WHAT THE TASK ASKS — If a line below contains the string "text", return that line.

================================

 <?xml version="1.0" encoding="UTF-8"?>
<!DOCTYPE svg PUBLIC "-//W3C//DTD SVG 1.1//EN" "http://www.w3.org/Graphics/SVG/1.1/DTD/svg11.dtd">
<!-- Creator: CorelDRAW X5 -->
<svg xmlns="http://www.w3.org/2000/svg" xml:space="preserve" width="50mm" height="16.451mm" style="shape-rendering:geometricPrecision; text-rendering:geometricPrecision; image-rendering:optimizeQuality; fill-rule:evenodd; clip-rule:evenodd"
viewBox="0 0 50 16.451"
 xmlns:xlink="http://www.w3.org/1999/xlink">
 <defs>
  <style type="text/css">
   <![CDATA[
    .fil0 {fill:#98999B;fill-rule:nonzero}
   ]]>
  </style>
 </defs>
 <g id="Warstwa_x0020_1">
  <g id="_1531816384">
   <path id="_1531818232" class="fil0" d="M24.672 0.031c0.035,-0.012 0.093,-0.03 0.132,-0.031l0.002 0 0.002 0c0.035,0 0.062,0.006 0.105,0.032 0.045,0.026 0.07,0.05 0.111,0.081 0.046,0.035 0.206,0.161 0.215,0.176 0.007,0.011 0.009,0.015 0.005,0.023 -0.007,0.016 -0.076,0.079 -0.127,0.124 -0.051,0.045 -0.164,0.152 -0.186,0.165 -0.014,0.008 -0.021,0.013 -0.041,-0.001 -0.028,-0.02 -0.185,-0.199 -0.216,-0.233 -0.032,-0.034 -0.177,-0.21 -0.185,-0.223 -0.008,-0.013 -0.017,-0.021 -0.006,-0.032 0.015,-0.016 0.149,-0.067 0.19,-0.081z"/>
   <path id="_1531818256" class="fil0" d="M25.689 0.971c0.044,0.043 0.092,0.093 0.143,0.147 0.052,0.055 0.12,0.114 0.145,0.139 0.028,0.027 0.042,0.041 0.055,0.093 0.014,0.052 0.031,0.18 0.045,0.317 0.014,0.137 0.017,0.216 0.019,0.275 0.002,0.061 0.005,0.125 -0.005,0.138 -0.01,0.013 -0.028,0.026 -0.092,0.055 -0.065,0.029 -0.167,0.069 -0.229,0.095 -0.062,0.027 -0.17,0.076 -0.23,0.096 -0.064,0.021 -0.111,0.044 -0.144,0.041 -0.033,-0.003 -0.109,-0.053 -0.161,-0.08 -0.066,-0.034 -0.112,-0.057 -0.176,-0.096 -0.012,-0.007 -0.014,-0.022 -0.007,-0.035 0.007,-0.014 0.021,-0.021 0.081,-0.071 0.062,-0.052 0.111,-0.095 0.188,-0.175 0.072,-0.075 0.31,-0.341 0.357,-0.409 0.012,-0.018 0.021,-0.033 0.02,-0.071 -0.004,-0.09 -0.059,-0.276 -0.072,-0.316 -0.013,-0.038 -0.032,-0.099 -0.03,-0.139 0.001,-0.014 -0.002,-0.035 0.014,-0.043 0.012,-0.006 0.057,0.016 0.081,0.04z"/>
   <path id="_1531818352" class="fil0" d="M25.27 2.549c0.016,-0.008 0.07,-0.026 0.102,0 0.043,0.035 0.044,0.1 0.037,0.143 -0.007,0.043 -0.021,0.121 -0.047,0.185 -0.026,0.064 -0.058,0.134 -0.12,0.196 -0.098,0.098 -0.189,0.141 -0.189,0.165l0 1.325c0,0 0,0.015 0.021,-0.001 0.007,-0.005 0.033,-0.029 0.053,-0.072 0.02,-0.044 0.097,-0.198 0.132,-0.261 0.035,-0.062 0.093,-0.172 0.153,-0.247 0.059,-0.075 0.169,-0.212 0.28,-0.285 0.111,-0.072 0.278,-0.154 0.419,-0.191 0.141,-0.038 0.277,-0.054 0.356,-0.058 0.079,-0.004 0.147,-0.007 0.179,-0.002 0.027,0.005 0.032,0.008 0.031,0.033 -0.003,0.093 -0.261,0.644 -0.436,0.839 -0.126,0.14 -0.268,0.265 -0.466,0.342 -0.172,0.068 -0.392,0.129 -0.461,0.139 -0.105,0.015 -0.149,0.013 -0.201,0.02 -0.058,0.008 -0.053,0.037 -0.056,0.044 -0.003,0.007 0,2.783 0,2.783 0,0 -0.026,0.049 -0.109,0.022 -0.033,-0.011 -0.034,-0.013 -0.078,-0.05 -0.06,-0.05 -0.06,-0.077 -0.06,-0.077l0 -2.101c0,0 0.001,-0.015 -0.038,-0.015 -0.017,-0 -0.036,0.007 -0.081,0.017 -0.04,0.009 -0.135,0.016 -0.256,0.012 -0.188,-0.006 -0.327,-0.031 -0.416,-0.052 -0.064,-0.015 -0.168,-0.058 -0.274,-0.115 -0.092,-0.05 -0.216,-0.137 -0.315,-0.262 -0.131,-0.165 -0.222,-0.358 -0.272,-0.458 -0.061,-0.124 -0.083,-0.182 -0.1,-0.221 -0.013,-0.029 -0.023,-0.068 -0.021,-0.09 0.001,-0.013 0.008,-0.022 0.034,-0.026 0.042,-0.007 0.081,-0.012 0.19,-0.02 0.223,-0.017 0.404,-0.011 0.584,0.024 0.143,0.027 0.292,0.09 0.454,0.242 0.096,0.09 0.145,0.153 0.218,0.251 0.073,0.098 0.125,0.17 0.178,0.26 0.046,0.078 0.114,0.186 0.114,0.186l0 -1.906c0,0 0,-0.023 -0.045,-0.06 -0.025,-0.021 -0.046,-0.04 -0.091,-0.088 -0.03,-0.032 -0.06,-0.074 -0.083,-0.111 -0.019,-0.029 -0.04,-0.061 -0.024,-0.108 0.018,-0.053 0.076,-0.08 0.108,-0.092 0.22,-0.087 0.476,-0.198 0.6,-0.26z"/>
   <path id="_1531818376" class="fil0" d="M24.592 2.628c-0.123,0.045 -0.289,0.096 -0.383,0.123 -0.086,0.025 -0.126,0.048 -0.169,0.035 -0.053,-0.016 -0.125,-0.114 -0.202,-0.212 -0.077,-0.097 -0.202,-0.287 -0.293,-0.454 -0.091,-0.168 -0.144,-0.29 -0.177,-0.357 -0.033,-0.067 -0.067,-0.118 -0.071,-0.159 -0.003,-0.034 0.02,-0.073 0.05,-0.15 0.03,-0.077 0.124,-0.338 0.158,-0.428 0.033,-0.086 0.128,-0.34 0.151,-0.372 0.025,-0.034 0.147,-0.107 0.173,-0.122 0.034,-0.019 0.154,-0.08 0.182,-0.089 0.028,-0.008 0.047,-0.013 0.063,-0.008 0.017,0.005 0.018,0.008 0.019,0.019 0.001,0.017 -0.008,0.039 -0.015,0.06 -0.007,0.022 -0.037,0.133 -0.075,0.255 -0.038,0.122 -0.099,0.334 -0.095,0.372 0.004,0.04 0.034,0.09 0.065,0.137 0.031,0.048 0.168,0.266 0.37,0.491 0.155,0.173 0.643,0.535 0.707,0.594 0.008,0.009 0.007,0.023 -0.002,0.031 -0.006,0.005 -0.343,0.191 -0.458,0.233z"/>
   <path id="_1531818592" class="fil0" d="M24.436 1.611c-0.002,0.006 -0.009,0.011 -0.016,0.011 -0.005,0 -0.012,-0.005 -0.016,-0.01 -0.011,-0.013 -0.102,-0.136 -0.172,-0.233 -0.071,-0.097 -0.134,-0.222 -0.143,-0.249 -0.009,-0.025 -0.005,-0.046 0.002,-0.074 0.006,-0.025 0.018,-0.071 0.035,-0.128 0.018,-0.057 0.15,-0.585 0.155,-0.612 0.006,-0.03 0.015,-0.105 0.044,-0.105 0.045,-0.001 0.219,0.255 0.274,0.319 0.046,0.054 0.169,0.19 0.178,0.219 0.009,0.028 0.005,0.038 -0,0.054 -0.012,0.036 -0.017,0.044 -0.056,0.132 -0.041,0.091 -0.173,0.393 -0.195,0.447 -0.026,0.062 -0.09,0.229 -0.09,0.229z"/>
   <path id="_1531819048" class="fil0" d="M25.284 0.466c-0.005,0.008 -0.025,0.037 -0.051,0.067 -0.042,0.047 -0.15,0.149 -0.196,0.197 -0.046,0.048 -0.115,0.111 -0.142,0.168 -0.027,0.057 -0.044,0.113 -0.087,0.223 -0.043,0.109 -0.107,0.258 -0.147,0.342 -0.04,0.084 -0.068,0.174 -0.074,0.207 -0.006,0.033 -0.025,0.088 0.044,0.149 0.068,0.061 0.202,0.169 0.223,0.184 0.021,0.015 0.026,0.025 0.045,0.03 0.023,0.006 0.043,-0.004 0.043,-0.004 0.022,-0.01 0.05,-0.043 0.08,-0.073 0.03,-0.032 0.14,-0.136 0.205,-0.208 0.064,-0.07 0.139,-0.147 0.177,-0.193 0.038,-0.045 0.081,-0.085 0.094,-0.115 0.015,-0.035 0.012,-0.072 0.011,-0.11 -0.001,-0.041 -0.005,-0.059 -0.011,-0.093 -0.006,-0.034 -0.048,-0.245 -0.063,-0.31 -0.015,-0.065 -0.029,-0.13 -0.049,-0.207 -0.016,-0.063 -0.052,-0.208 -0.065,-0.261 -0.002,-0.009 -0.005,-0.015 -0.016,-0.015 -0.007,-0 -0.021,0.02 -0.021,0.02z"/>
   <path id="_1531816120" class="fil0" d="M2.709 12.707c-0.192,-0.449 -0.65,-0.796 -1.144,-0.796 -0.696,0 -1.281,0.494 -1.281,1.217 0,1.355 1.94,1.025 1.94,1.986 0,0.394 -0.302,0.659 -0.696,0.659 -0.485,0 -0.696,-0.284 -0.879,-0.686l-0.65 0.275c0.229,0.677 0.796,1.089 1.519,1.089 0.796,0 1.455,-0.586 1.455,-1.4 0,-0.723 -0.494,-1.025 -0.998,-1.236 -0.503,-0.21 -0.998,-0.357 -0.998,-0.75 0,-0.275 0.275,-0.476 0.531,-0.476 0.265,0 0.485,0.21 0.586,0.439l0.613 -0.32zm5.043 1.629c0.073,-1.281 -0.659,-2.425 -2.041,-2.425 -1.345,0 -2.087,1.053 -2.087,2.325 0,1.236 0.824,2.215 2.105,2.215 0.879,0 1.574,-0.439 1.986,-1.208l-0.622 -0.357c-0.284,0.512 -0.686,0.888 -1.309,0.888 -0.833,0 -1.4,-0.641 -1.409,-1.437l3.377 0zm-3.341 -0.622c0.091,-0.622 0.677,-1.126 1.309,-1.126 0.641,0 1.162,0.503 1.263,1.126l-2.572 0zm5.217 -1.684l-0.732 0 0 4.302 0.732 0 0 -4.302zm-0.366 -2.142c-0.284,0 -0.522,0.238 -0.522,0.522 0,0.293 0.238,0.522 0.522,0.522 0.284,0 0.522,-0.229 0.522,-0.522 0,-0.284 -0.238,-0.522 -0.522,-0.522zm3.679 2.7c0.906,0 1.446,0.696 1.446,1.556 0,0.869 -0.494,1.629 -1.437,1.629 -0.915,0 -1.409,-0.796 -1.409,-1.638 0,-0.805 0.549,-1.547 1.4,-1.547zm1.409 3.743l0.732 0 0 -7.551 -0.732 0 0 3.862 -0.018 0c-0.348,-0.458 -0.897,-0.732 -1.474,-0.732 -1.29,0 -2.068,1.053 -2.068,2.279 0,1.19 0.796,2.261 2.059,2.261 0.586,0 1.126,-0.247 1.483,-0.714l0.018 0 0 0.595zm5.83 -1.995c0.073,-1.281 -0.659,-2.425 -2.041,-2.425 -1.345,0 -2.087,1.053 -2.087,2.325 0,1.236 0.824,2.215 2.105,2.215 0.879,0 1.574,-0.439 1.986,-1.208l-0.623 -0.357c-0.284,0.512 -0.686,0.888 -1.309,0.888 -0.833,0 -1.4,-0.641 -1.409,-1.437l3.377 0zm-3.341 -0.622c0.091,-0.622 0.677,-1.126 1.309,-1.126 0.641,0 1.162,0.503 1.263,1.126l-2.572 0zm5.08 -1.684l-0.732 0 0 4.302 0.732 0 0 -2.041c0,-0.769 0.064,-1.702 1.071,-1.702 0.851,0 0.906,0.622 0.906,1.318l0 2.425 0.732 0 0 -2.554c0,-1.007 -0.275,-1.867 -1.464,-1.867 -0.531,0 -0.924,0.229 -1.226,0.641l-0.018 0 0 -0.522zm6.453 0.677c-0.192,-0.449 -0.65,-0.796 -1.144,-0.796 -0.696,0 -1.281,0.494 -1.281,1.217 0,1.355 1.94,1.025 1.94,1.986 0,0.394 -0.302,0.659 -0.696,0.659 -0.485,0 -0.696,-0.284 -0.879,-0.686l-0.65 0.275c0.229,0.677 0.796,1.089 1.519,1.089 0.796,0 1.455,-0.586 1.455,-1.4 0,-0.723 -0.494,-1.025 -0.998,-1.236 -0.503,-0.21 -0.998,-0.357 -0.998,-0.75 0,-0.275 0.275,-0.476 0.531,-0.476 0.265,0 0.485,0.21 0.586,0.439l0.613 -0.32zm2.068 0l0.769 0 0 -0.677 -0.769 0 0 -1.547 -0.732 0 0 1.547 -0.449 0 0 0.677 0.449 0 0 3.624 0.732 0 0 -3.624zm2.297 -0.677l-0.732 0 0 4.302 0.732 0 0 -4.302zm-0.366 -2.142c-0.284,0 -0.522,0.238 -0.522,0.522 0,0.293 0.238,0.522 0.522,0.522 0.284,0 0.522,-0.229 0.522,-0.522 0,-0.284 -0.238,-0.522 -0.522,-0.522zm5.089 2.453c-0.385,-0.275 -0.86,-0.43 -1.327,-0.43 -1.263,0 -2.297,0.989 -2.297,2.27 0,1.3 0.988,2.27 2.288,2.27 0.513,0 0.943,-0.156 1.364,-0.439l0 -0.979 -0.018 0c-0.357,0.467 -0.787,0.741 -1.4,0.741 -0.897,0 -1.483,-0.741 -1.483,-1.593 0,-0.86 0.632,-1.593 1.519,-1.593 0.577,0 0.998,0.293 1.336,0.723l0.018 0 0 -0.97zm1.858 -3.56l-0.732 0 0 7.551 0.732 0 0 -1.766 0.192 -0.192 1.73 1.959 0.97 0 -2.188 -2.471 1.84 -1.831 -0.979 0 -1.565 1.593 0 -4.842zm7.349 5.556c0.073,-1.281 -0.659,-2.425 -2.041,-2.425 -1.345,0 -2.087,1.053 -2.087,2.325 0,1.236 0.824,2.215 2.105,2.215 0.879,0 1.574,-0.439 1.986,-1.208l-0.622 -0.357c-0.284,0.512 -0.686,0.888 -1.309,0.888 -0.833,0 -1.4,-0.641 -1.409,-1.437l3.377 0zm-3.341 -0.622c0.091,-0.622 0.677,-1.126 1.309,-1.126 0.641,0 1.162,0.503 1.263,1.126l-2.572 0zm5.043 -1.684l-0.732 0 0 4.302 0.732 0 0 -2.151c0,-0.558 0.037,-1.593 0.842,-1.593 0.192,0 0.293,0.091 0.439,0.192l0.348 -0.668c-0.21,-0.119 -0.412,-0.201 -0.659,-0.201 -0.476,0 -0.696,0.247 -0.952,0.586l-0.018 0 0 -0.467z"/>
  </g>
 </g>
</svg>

================================

WRITTEN SOLUTION —
<svg xmlns="http://www.w3.org/2000/svg" xml:space="preserve" width="50mm" height="16.451mm" style="shape-rendering:geometricPrecision; text-rendering:geometricPrecision; image-rendering:optimizeQuality; fill-rule:evenodd; clip-rule:evenodd"
  <style type="text/css">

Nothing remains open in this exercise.